3 yıl önce
Atama haberi evde bayram havası
estiriyordu. Herkes mutluydu. Annesi, babası, kardeşi ve onu yalnız bırakmak
istemeyen teyzesi. Sarılmalar, öpüşmeler, zıplamalar bittikten sonra herkes bir
koltuğa oturmuştu. Yüzlerdeki kocaman mimikler hafif gülümsemeye dönmüştü.
Mezun olduktan sonra bir an evvel mesleğine başlamak istiyordu. Beklemeler,
geceler boyu çalışmalar, sınavlar, sonra yine beklemeler derken işte ataması
gelmişti. İlkokuldan liseye kadar tüm sınıfların olduğu büyük bir okula
atanmıştı. Biraz gözü korksa da yapardı, yıllardır bu anı bekliyordu.
"Öğretmenim, öğretmenim,
öğretmenim…"
Hareketler, sesler, hızla değişen
görüntüler…
Hareketler kargaşaya, sesler
gürültüye, görüntüler rasgele serpilmiş ve karışmış renklere dönüyordu. Birden
başının döndüğünü düşündü. Belki başı dönmüyordu ama etrafında bağırarak dönen
çocuklar onda bu hissi uyandırıyordu. Özellikle nöbetçi olduğu günlerde bunu
yaşıyordu. Neden sonra artık dayanamadığını düşündü. Hızlı adımlarla
öğretmenler odasına yürüdü.
Öğretmenler Odası
Odanın büyük
çoğunluğunu kocaman bir masa oluşturuyordu. Kırmızı, kadifemsi bir örtüsü
vardı. Üzerinde topar topar kağıtlar ve çay bardakları vardı. Etrafında ise öbek
öbek öğretmenler oturmuş sohbet ediyorlardı. Masanın bir başında oturan Aysel
öğretmen, sınav kağıdı okuyordu. Mesleğinin yirmi birinci yılındaydı. Görmüş
geçirmiş denir ya, ülkenin dört bir yanında görev yapmış, yüzlerce öğrencisi
olmuş bir öğretmendi. Branşının yanında insan ilişkileri ve iletişim gibi
alanlarda da kendini geliştirip öğrencilerine daha faydalı olmaya çalışıyordu.
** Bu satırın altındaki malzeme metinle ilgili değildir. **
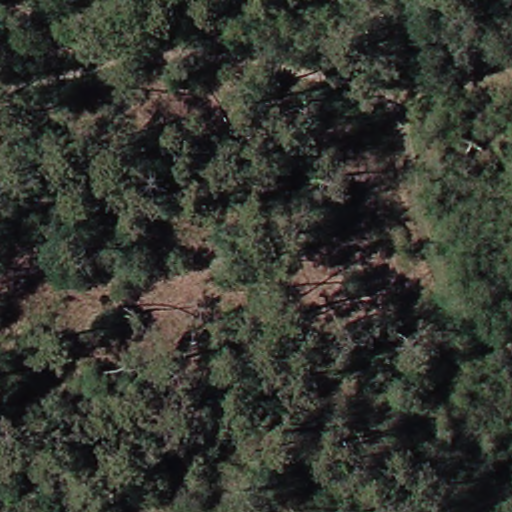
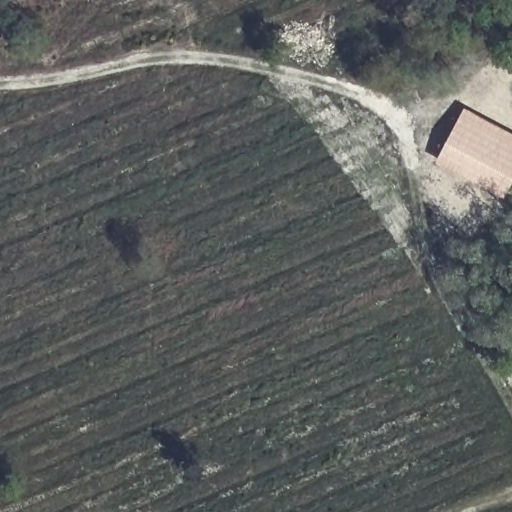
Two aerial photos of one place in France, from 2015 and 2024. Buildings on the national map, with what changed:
new [(464,107),(512,133),(512,182),(503,198),(435,162),(464,107)]
demolished [(492,115),(512,128),(512,180),(465,149),(492,115)]

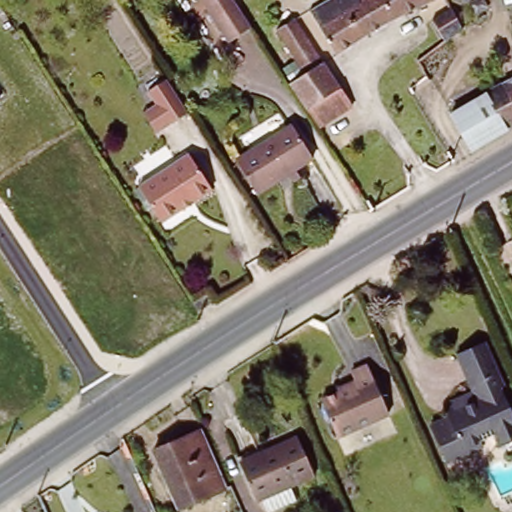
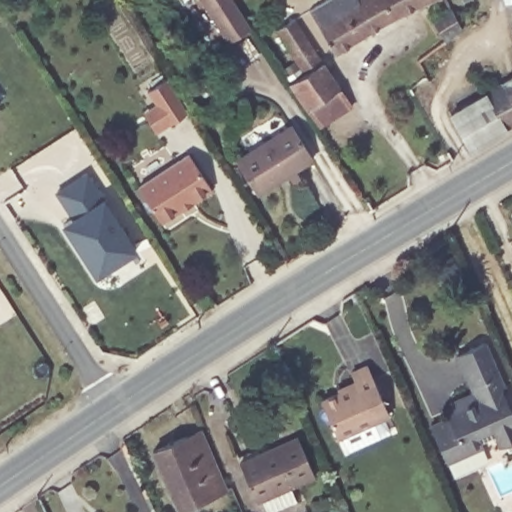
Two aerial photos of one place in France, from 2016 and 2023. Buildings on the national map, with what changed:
unchanged [(230,44),(202,2),(206,0),(233,0),(235,0),(233,1),(252,29),(230,44)]
unchanged [(390,21),(337,53),(310,10),(329,0),(435,0),(424,5),(390,21)]
unchanged [(469,0),(465,2),(464,0),(469,0)]
unchanged [(506,5),(505,0),(512,0),(512,4),(506,5)]
unchanged [(433,20),(452,10),(460,31),(446,42),(448,46),(442,50),(439,45),(445,40),(433,20)]
unchanged [(357,110),(323,132),(295,89),(301,85),(297,77),(305,71),(282,34),(299,22),(357,110)]
unchanged [(147,112),(160,105),(152,92),(170,80),(193,114),(173,125),(160,134),(147,112)]
unchanged [(473,156),(445,107),(482,86),(490,100),(510,134),(510,136),(475,157),(473,156)]
unchanged [(510,134),(490,100),(512,86),(512,133),(510,134)]
unchanged [(240,160),(263,145),(285,132),(306,165),(285,179),(262,194),(240,160)]
unchanged [(188,152),(212,190),(193,201),(190,197),(177,205),(180,210),(160,222),(136,185),(188,152)]
new [(88,172),(105,199),(137,250),(96,277),(62,224),(72,218),(55,192),(88,172)]
unchanged [(204,295),(210,303),(195,312),(190,303),(204,295)]
unchanged [(456,403),(453,397),(478,386),(464,352),(492,341),(503,366),(508,379),(503,382),(512,401),(512,435),(502,440),(495,426),(482,433),(485,443),(448,460),(432,422),(450,413),(447,407),(456,403)]
unchanged [(323,405),(358,389),(353,377),(367,371),(388,419),(338,440),(323,405)]
unchanged [(155,452),(202,431),(227,488),(180,509),(155,452)]
unchanged [(315,476),(258,502),(238,457),(295,432),(315,476)]

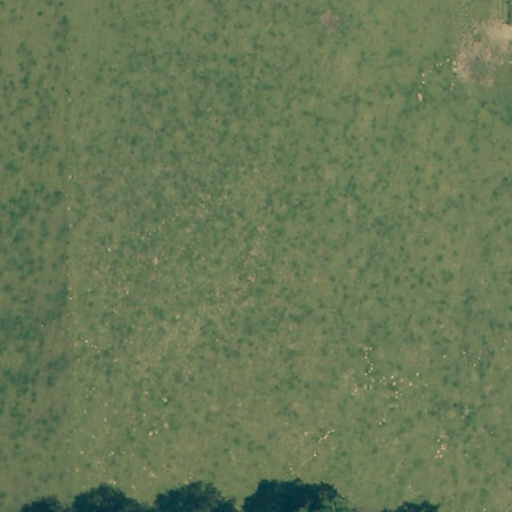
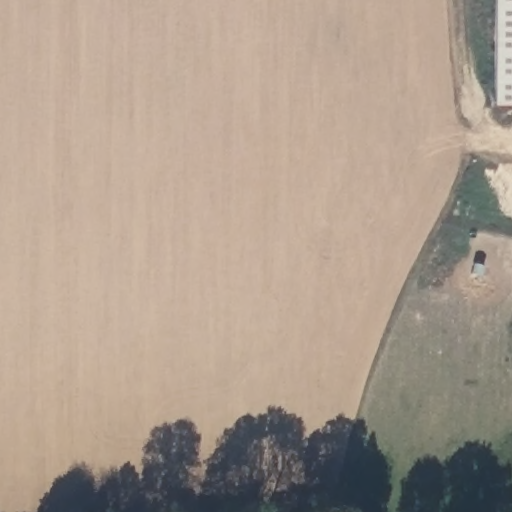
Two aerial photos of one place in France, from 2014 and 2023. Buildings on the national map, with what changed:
new [(494,104),(494,0),(512,0),(512,103),(494,104)]

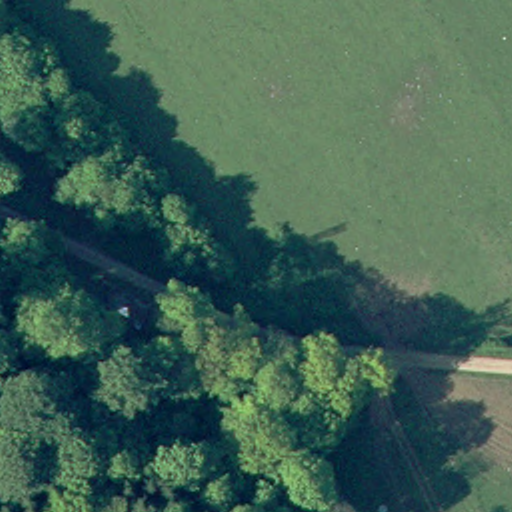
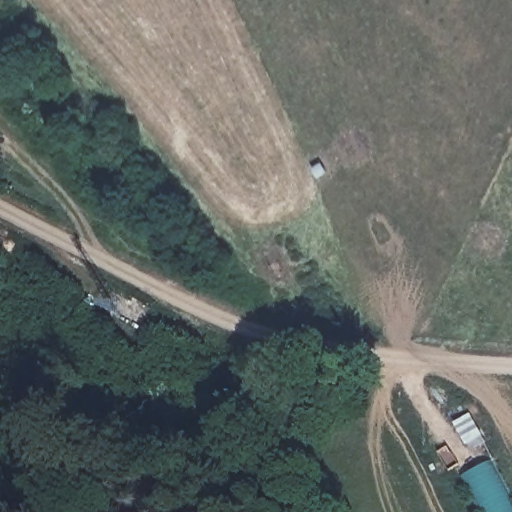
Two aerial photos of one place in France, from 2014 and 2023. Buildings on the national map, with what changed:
new [(512,512),(481,512),(462,475),(492,459),(512,496),(512,512)]

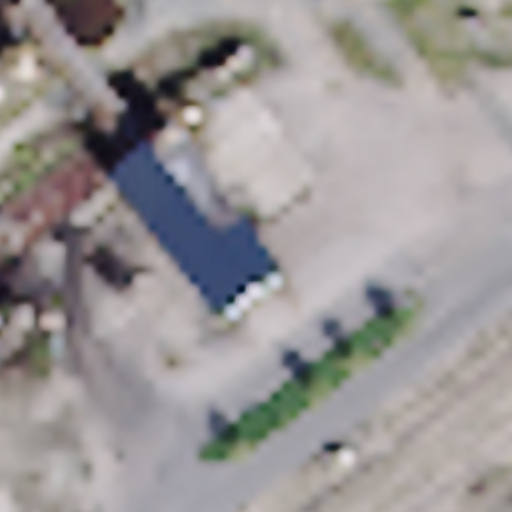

Amacı tam manasıyla insan yetiştirmekti.
Gözleri sınav
kağıtlarında iken birden kapıdan hışımla giren Esra öğretmene takıldı. Hızlı
adımlarla geldi tam da yanındaki boş sandalyeye oturdu. Başını elleri arasına
alıp kendi kendine konuşmaya başladı:
- "Off başım çatlıyor, dayanamıyorum artık.
Gürültü, patırtı, kargaşa…Allah’ım yardım et... Sanki beynimde koşuyorlar.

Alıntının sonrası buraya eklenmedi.